Problem —
Only the lines that hold the word "wide" are wanted from this listing.

Provided entries —
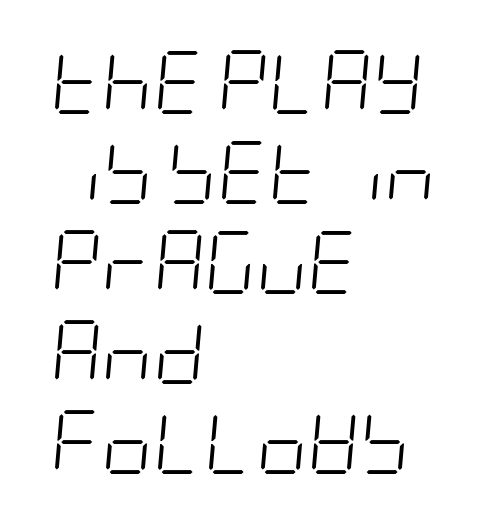
Q: Is the text bold? A: No.
Q: Is the text italic (slanted)? A: Yes, it leans right by about 5 degrees.
Q: Is the text underlined? A: No.
Q: How is the paragraph aligned? A: Left-aligned.
Q: Is the spacing between letters normal or unusually wide? A: Normal.
Q: Is the spacing between lines tight, normal or loose? A: Normal.
Q: Width (condensed, normal, or wide)? A: Condensed.
Q: Stroke contrast? A: Low.
Q: x-height? A: Large.

Written solution —
Q: Is the spacing between letters normal or unusually wide? A: Normal.
Q: Width (condensed, normal, or wide)? A: Condensed.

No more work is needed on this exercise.